I will do the tiling when Tracy is at work she's already driving me mad and I've only just took the bath out.

Best idea, they do like to play the foreman sometimes and not enough of the teaboy.

Are they smooth or rough tiles? My wife chose rough ones for some inexplicable reason, perhaps to drive me mad. She muttered something about Mediterranean effect at the time. (I hate these fucking home makeover shows glibly coming out with those sort of statements and not showing the grim reality of trying to achieve it)
Now they were not bad going up as they take out any imperfections in the plaster, but grouting was a sod though it improved as it went along, practice makes perfect and all that.
If you've not done it before, probably best to start somewhere out of sight like behind the door then if you make a mess, ie wobbly or sloping, it won't be so obvious.

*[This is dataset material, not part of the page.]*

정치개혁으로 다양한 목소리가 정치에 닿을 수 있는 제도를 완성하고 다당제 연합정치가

My problems were compounded by the previous owners tiling over tiles(!), lazy sods, and the original tiles being set in the cement rendering.

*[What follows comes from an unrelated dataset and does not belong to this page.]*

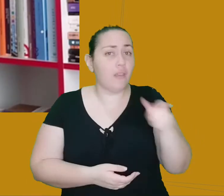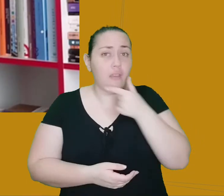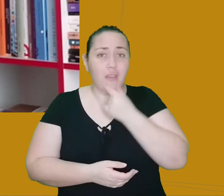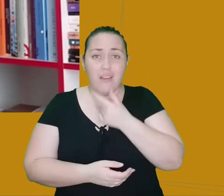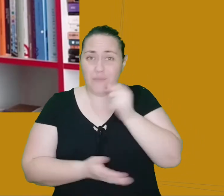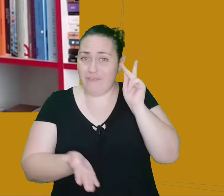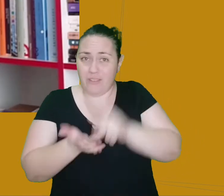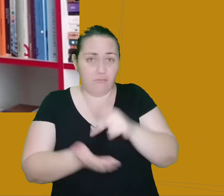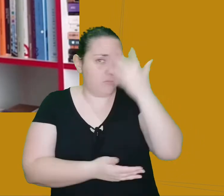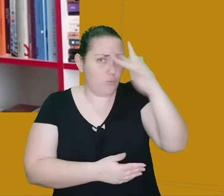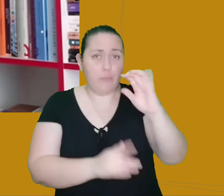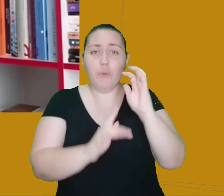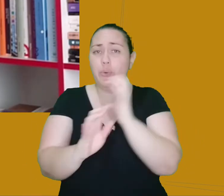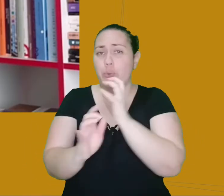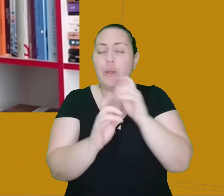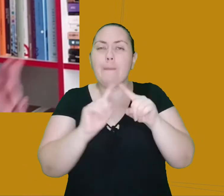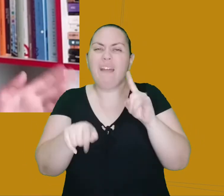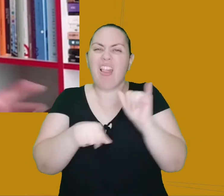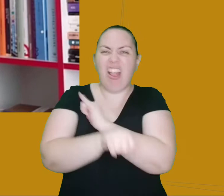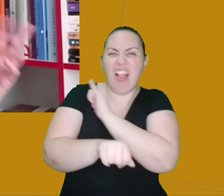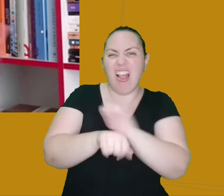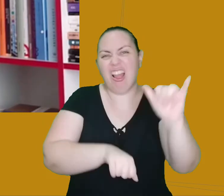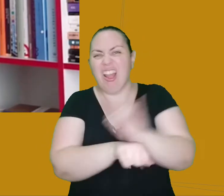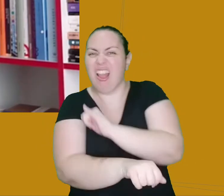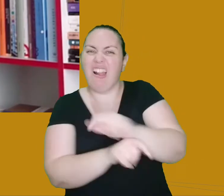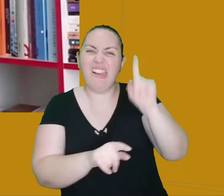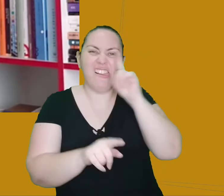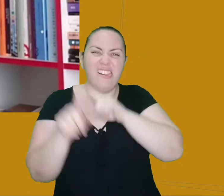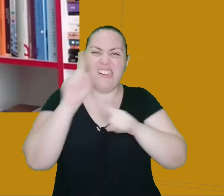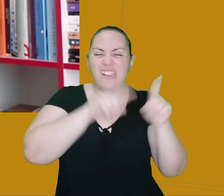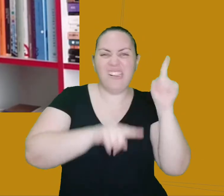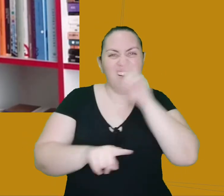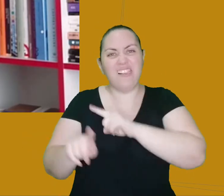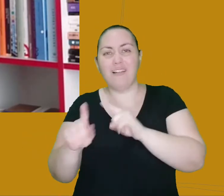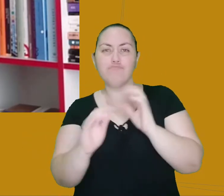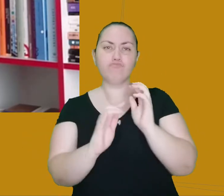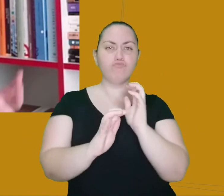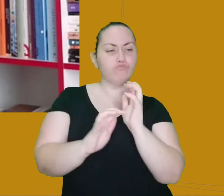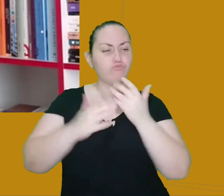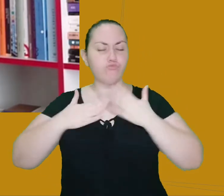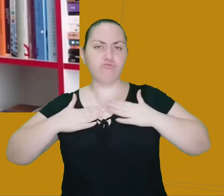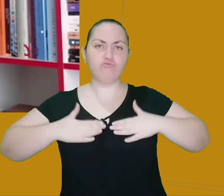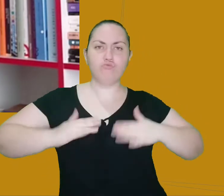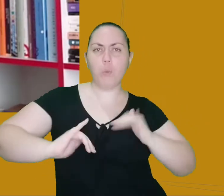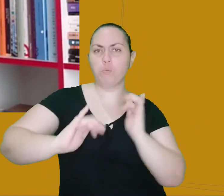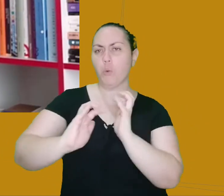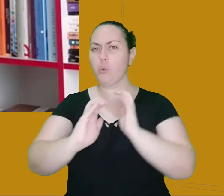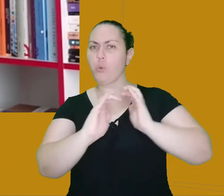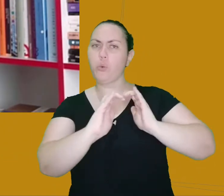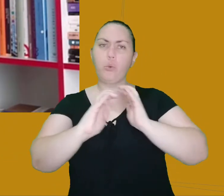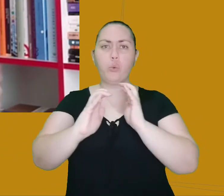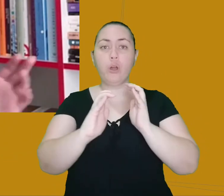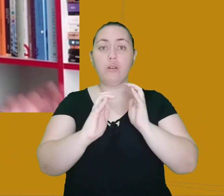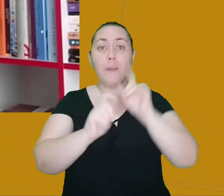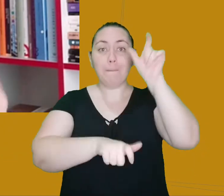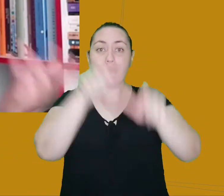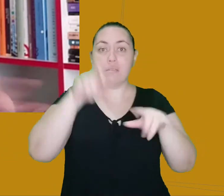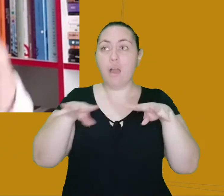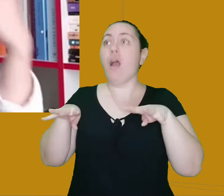muito bem, mas ele faz umas pirulas, faz uma certa pose, uma encenação, e aí também viu sucesso, é

I ended up buying a huge kango to do the job, hiring became a bit expensive. Needless to say, it ate the specialised tile chisels like they were made out of butter and at £20 or so a pop, it started to become expensive and they were not particularly good anyway, weak design at the SDS spigot, three snapping during the job. Probably fine if someone had put the tiles up using flour paste, but the cement used to attach the tiles in our bathroom was more akin to the stuff used in constructing Hitlers Atlantic wall defensive pillboxes.
Anyway, finally got the old tiles off but with huge holes in the rendering back to the brickwork which then needed plastering before the new tiles could go up. Fortunately I'm ok with that, needs must and such, though would baulk at the idea of plastering a complete bare brick wall from scratch. I think you have to be doing it on a daily basis to get the required skills to result in a perfect finish.
Anyway, it was worth it in the end, the Wife was happy, but it took far longer than originally anticipated.
I don't do polite so fuck yoursalf with your stupid accusations...

Right you fuckwit I will show you why you are talking out of your fat arse...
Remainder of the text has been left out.